### Work order
Filter the entries below, keeping every line that has the word "CIRCLE".

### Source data
-.-.-

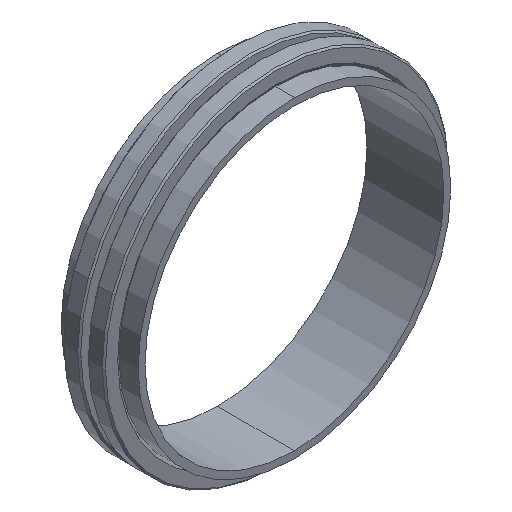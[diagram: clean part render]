
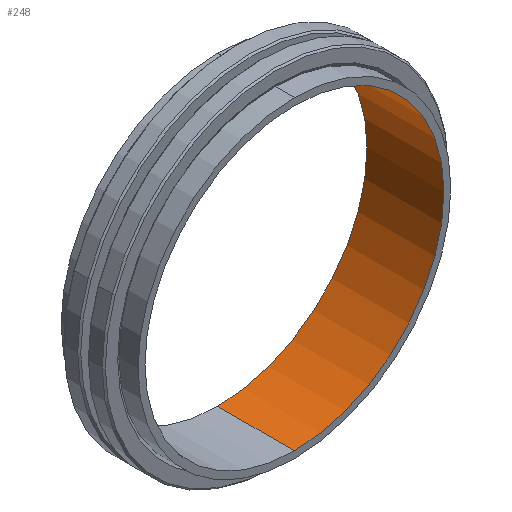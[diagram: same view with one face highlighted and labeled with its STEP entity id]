
A CAD part, isometric view. The second image highlights one B-rep face of the part: STEP entity #248.
In plain terms, the highlighted cylindrical face has radius 24.701 mm (diameter 49.403 mm), a partial arc.
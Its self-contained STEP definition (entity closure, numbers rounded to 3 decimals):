
#9 = EDGE_LOOP ( 'NONE', ( #225, #593, #551, #1115 ) ) ;
#70 = VERTEX_POINT ( 'NONE', #707 ) ;
#79 = CARTESIAN_POINT ( 'NONE',  ( 0., 7.564, -24.702 ) ) ;
#121 = AXIS2_PLACEMENT_3D ( 'NONE', #1447, #1014, #812 ) ;
#124 = EDGE_CURVE ( 'NONE', #315, #1466, #699, .T. ) ;
#225 = ORIENTED_EDGE ( 'NONE', *, *, #124, .F. ) ;
#230 = AXIS2_PLACEMENT_3D ( 'NONE', #486, #483, #482 ) ;
#248 = ADVANCED_FACE ( 'NONE', ( #480 ), #861, .F. ) ;
#311 = CIRCLE ( 'NONE', #1340, 24.702 ) ;
#315 = VERTEX_POINT ( 'NONE', #648 ) ;
#375 = DIRECTION ( 'NONE',  ( 0., 0., 1. ) ) ;
#381 = DIRECTION ( 'NONE',  ( 0., 1., 0. ) ) ;
#384 = CARTESIAN_POINT ( 'NONE',  ( 0., -5.136, 0. ) ) ;
#423 = CARTESIAN_POINT ( 'NONE',  ( 0., -5.136, 24.702 ) ) ;
#440 = DIRECTION ( 'NONE',  ( 0., 1., 0. ) ) ;
#464 = VERTEX_POINT ( 'NONE', #603 ) ;
#480 = FACE_OUTER_BOUND ( 'NONE', #9, .T. ) ;
#482 = DIRECTION ( 'NONE',  ( 0., 0., 1. ) ) ;
#483 = DIRECTION ( 'NONE',  ( 0., 1., 0. ) ) ;
#486 = CARTESIAN_POINT ( 'NONE',  ( 0., 7.564, 0. ) ) ;
#551 = ORIENTED_EDGE ( 'NONE', *, *, #1245, .T. ) ;
#593 = ORIENTED_EDGE ( 'NONE', *, *, #1251, .F. ) ;
#603 = CARTESIAN_POINT ( 'NONE',  ( 0., -5.136, 24.702 ) ) ;
#634 = VECTOR ( 'NONE', #440, 1000. ) ;
#648 = CARTESIAN_POINT ( 'NONE',  ( 0., -5.136, -24.702 ) ) ;
#674 = LINE ( 'NONE', #423, #634 ) ;
#699 = LINE ( 'NONE', #837, #964 ) ;
#707 = CARTESIAN_POINT ( 'NONE',  ( 0., 7.564, 24.702 ) ) ;
#774 = CIRCLE ( 'NONE', #230, 24.702 ) ;
#812 = DIRECTION ( 'NONE',  ( 0., 0., 1. ) ) ;
#837 = CARTESIAN_POINT ( 'NONE',  ( 0., -5.136, -24.702 ) ) ;
#861 = CYLINDRICAL_SURFACE ( 'NONE', #121, 24.702 ) ;
#964 = VECTOR ( 'NONE', #1194, 1000. ) ;
#1014 = DIRECTION ( 'NONE',  ( 0., 1., 0. ) ) ;
#1115 = ORIENTED_EDGE ( 'NONE', *, *, #1173, .T. ) ;
#1173 = EDGE_CURVE ( 'NONE', #70, #1466, #774, .T. ) ;
#1194 = DIRECTION ( 'NONE',  ( 0., 1., 0. ) ) ;
#1245 = EDGE_CURVE ( 'NONE', #464, #70, #674, .T. ) ;
#1251 = EDGE_CURVE ( 'NONE', #464, #315, #311, .T. ) ;
#1340 = AXIS2_PLACEMENT_3D ( 'NONE', #384, #381, #375 ) ;
#1447 = CARTESIAN_POINT ( 'NONE',  ( 0., -5.136, 0. ) ) ;
#1466 = VERTEX_POINT ( 'NONE', #79 ) ;

-.-.-

### Task output
#311 = CIRCLE ( 'NONE', #1340, 24.702 ) ;
#774 = CIRCLE ( 'NONE', #230, 24.702 ) ;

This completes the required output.